M. Fischler, ancien commissaire à l'agriculture, était l'un des intervenants du séminaire sur les énergies renouvelables organisé par le groupe parlemantaire PPE-DE le jour du vingtième anniversaire de la catastrophe de Tchernobyl. Au cours de la conférence de presse précédant ce séminaire, la député autrichienne siégeant au Parlement européen, Agnes Schierhuber, a recommandé à l'UE d'investir davantage dans les énergies renouvelables, rejetant une éventuelle "renaissance du nucléaire".
Kent Nyström, Président de l'Association suédoise des bioénergies, a cité les programmes du gouvernement suédois visant à mettre un terme à la dépendance de la Suède au pétrole d'ici 2020 car "nous allons manquer de pétrole et de gaz". Il a également préconisé une utilisation accrue des bioénergies.

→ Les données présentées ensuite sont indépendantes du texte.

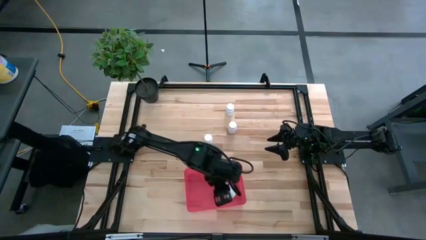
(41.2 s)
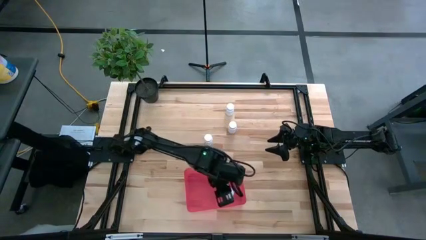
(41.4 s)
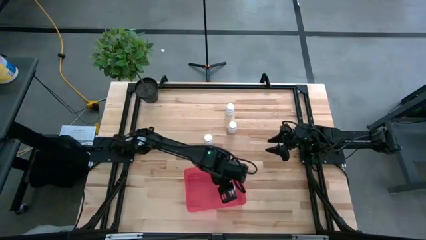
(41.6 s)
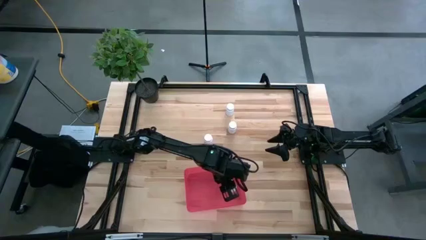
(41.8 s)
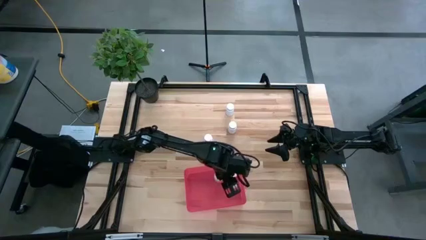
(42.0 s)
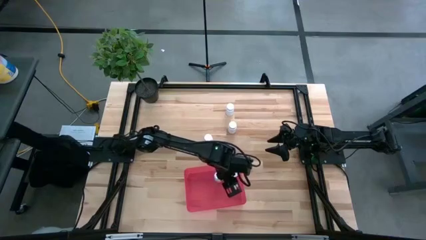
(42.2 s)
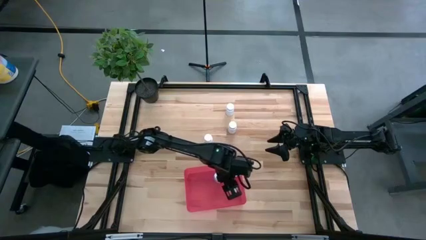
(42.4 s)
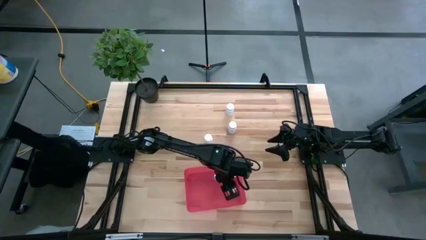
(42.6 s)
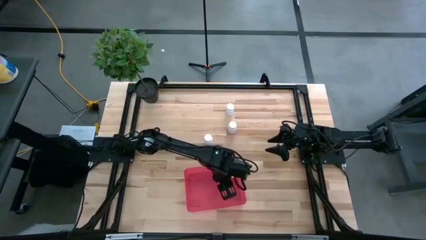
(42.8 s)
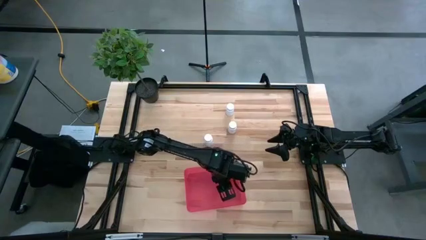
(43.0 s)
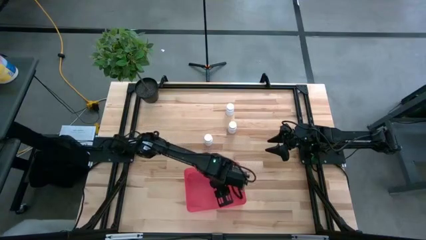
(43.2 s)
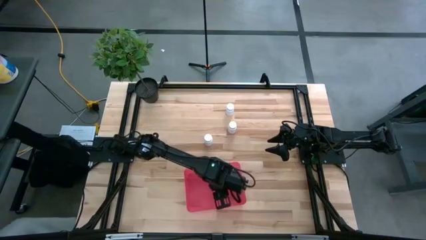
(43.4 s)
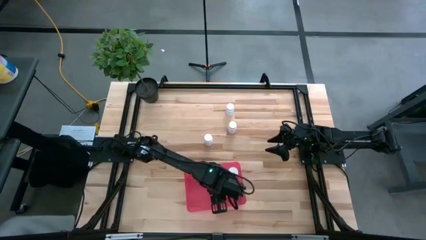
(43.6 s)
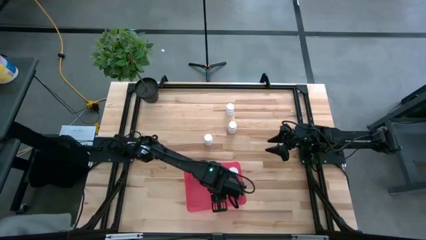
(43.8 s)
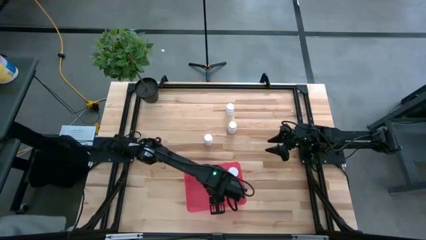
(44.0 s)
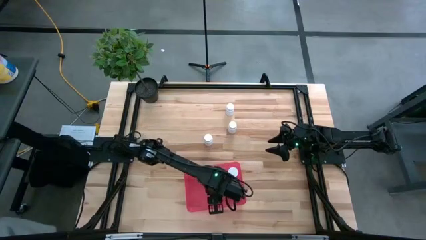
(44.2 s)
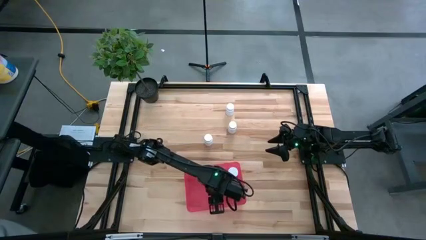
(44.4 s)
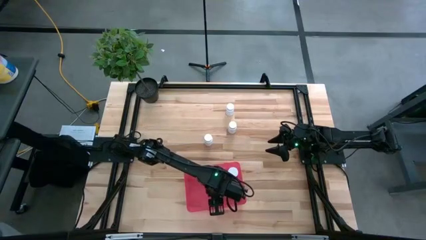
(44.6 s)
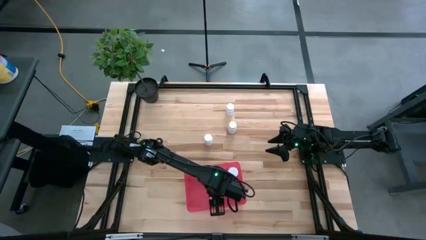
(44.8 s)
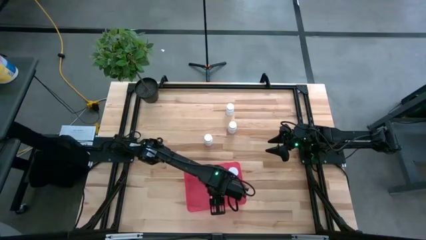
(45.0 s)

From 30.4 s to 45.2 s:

L'ancien commissaire Franz Fischler a soutenu le point de vue Mme Schierhuber sur le nucléaire en faisant relavant trois arguments contre son renouveau :
- cela conforterait notre dépendance énergétique, l'uranium à des fins nucléaires, ressource limitée, ayant besoin d'être importé;
- aucune réponse n'a encore résolu de façon satisfaisante la question de la destruction des déchets nucléaires;
- et la puissance nucléaire place le problème de la souveraineté nationale au-dessus du bouquet énergétique en question, la survenance d'un éventuel accident ne se limitant jamais aux frontières nationales.
Se référant aux mesures politiques qu'il a mis en place en tant que commissaire à l'agriculture afin de stimuler les bioénergies, M. Fischler a déclaré que les experts peuvent ne pas être d'accord sur la date à laquelle le pétrole atteindra son pic de production, mais "nous manquons de temps" pour opérer le changement d'une économie reposant sur l'utilisation de ressources fossiles vers une économie faible en carbone. M. Fischler conclut que "nous avons besoin d'un révolution énergétique ("eine Energie Wende") et d'une politique énergétique européenne commune".